[Lazarus] Utf8ToSys on Linux and cwstring in uses clause
Mattias Gaertner
nc-gaertnma at netcologne.de
Fri Nov 12 21:58:32 CET 2010
On Fri, 12 Nov 2010 20:44:12 +0300
Vladimir Zhirov <vvzh.lists at gmail.com> wrote:
> Hi,
>
> I've just tried to use Utf8ToConsole on my Linux box and was
> surprised very much about the result.
>
> If I run a simple program like this:
> > program project1;
> > {$mode objfpc}{$H+}
> > uses
> > FileUtil;
> > begin
> > WriteLn(UTF8ToConsole('Text in Russian:'));
> > WriteLn(UTF8ToConsole('Текст на русском'));
> > end.
>
> It produces the following output:
> > Text in Russian:
> > ????? ?? ???????
>
> My LANG environment variable is ru_RU.UTF-8
> If I add cwstring to my uses clause it works OK.
>
> Trying to figure out what happens I noticed an inconsistency
> in FileUtil.NeedRTLAnsi function. The comment at line 186 says
> NeedRTLAnsi is "true if system encoding is not UTF-8", but the
> function itself contains the following code:
> > FNeedRTLAnsi:=(SysUtils.CompareText(Encoding,'UTF-8')=0)
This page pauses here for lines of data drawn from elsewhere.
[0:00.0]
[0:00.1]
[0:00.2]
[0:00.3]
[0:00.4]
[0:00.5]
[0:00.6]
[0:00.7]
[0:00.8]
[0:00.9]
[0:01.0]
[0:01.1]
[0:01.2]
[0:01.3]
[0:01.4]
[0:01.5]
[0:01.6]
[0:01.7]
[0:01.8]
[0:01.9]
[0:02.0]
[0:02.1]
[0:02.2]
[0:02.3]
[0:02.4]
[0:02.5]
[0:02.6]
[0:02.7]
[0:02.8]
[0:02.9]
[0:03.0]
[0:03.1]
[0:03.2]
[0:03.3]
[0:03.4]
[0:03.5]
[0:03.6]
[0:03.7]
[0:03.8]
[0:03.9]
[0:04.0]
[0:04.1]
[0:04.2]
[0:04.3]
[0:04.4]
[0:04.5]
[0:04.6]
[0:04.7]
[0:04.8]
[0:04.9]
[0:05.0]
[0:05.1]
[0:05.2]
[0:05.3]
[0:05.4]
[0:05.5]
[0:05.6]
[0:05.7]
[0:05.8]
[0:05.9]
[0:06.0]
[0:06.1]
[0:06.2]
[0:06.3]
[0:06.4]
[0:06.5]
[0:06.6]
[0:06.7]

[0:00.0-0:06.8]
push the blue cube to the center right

> > or (SysUtils.CompareText(Encoding,'UTF8')=0);
>
> So it looks like the reverse: NeedRTLAnsi is true if system
> encoding IS utf-8. This causes redundant Utf8ToAnsi call in
> Utf8ToSys that turns non-ASCII text into question marks in the
> absence of widestring manager (cwstring).
>
> Is it a bug in NeedRTLAnsi? If it is, the fix would be trivial:
> > FNeedRTLAnsi:=(SysUtils.CompareText(Encoding,'UTF-8')<>0)
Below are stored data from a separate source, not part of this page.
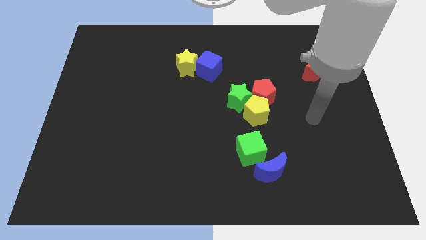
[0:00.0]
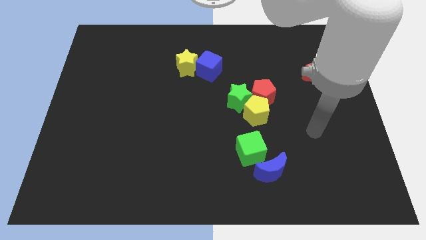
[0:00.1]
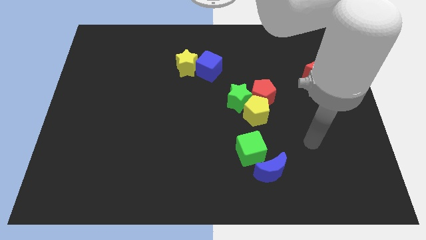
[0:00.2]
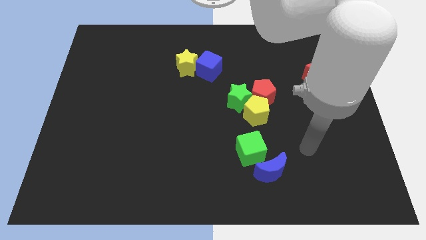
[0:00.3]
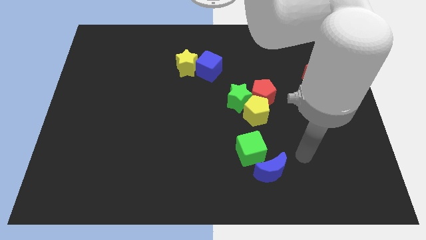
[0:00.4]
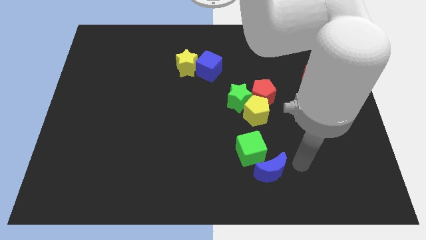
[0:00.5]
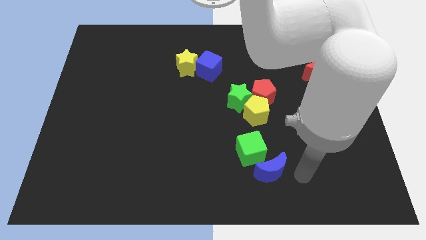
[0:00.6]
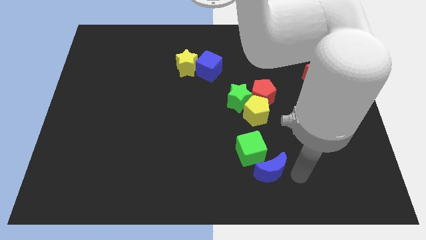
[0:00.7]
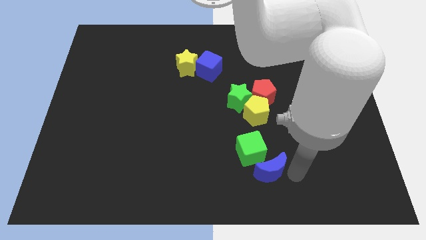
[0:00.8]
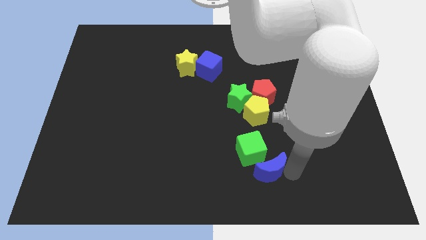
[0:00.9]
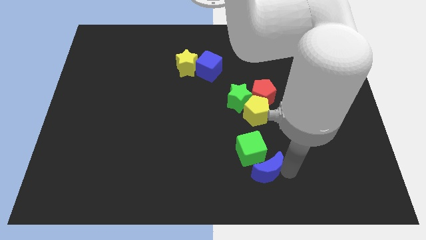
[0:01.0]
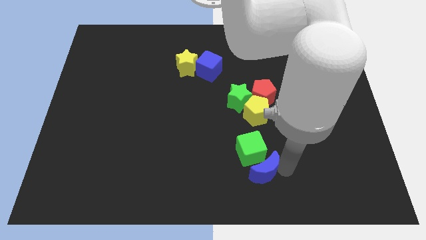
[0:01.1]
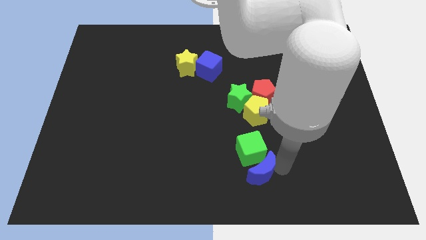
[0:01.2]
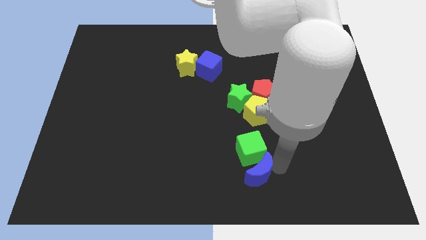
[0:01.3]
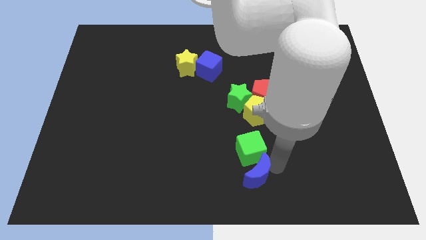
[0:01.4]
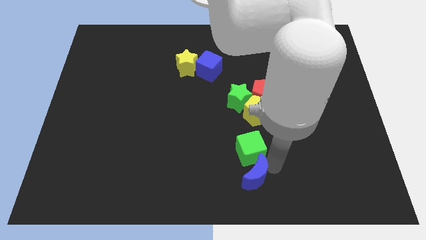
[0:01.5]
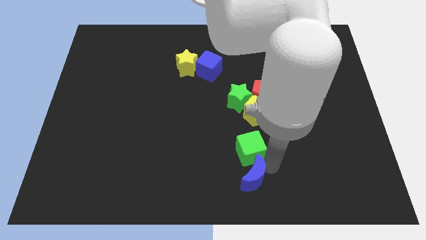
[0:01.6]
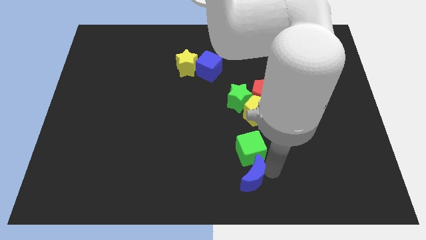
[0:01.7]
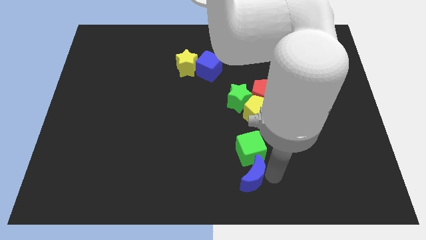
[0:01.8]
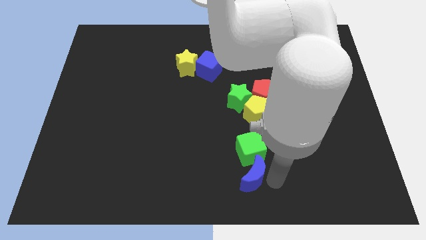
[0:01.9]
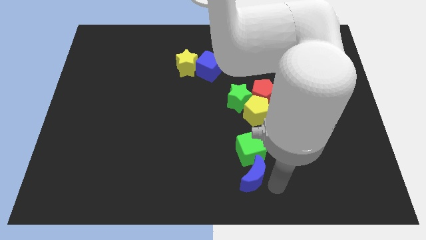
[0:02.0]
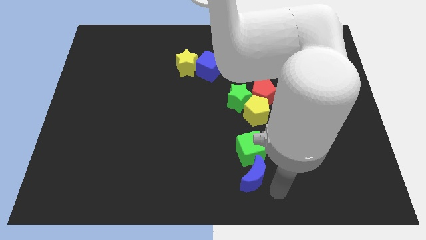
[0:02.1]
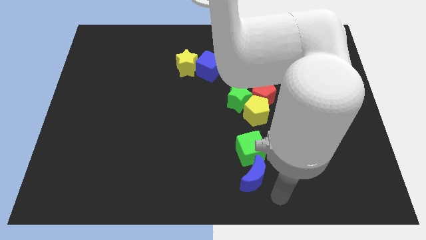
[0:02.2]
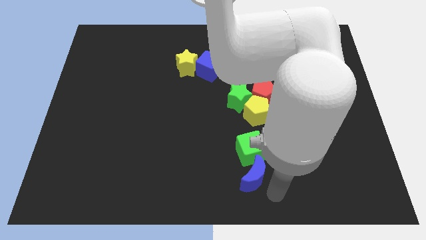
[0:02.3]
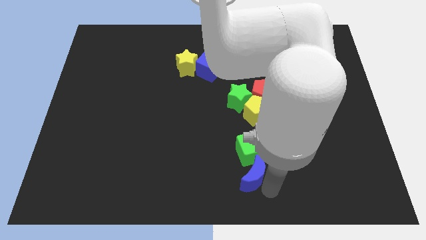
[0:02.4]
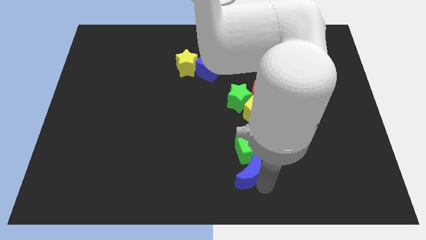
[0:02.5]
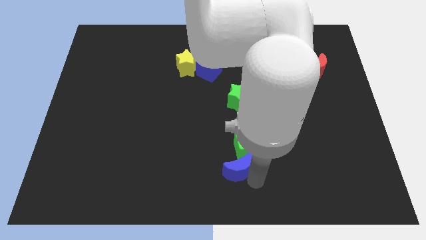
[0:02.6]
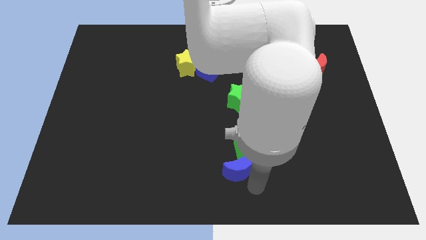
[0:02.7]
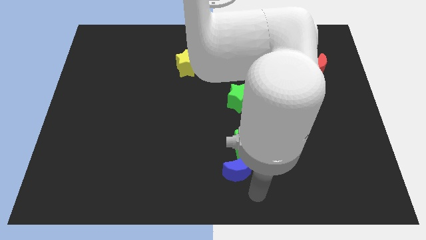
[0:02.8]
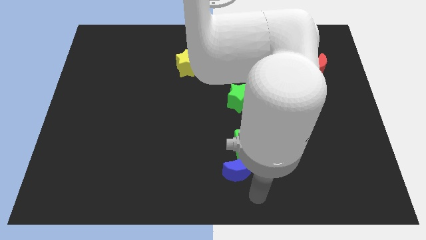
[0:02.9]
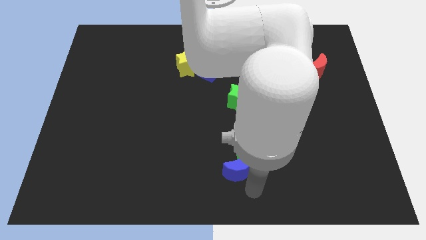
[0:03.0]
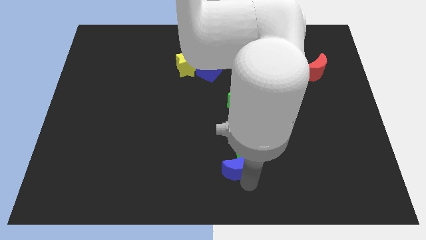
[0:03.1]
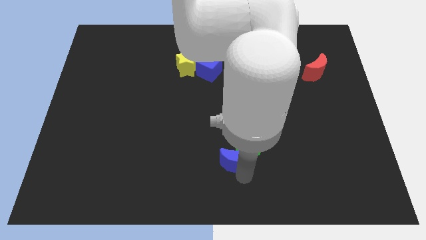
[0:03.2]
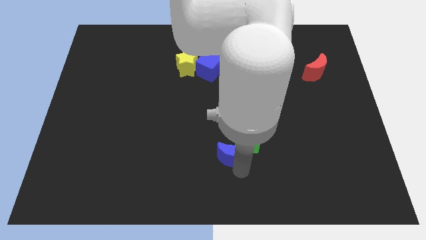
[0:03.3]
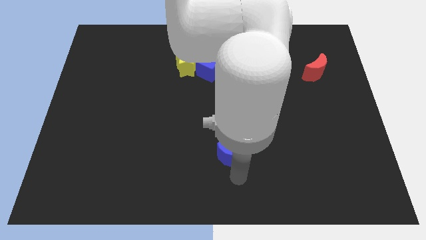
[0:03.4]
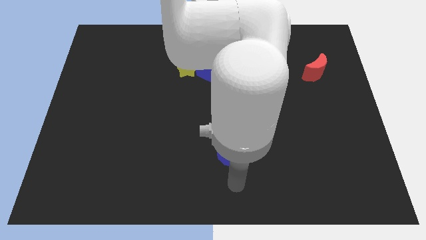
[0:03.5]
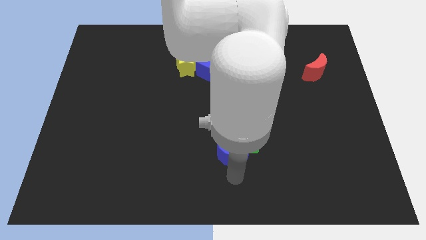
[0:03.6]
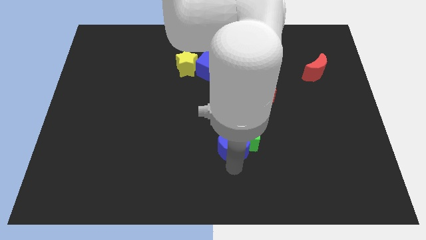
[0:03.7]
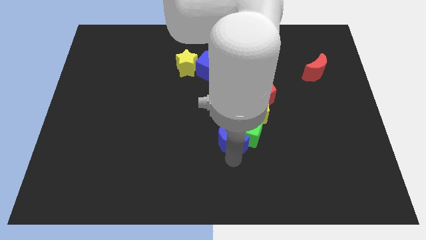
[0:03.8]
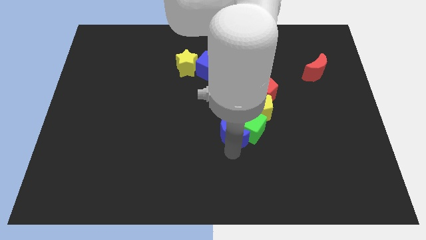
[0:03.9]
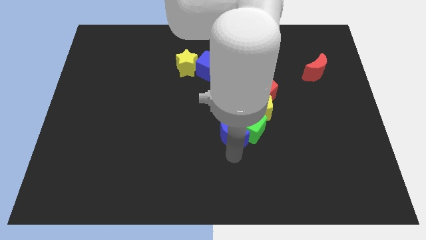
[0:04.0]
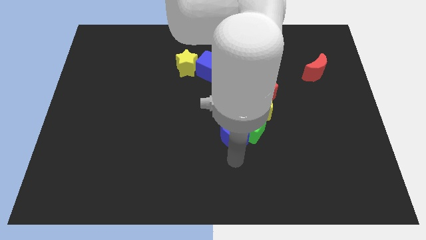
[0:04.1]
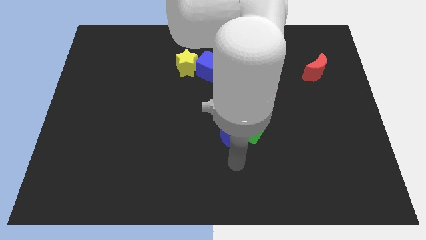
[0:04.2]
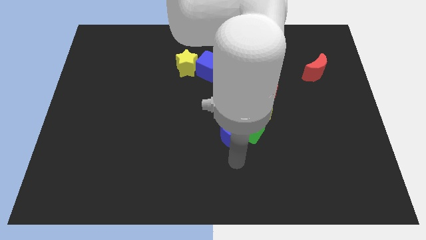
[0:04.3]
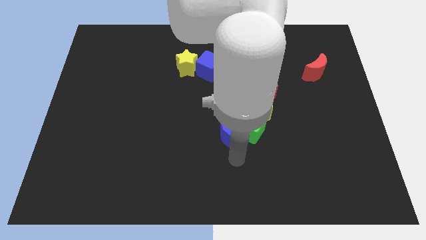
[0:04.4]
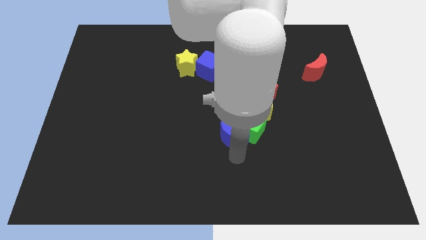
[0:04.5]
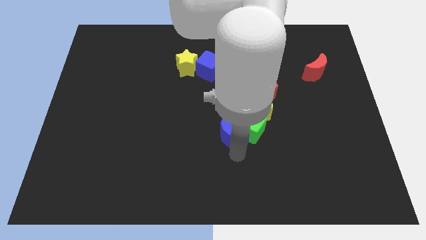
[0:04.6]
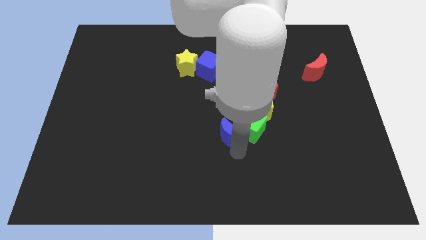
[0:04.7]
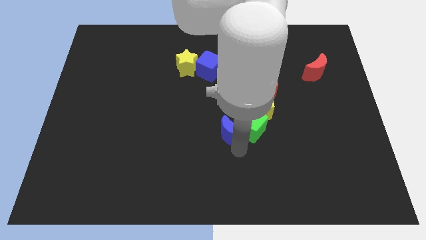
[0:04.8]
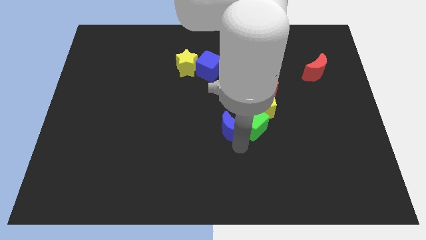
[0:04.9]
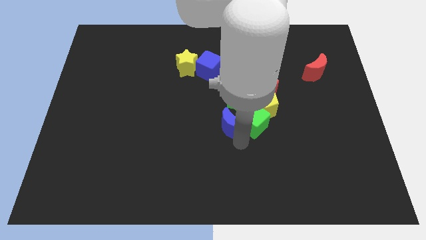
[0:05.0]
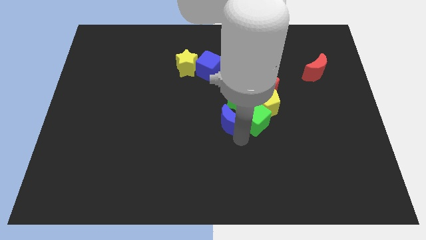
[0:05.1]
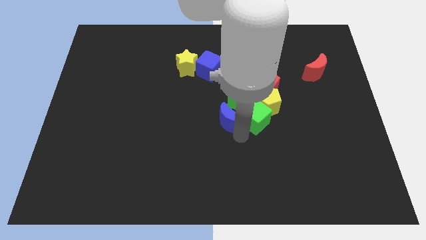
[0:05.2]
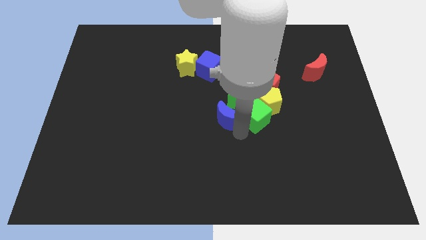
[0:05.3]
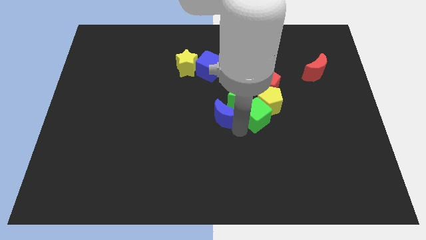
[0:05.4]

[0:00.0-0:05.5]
move the blue moon next to the green star

> > and (SysUtils.CompareText(Encoding,'UTF8')<>0);
> With this change everything works as expected, at least for me.
> Should I also report this to mantis in this case?
Thanks. I fixed it in svn.
> Or is it expected behavior of NeedRTLAnsi and just a misprint in
> the comment? In this case should I always use cwstring and bear
> with libc/iconv dependency?
If your system is UTF8 there is no need for cwstring.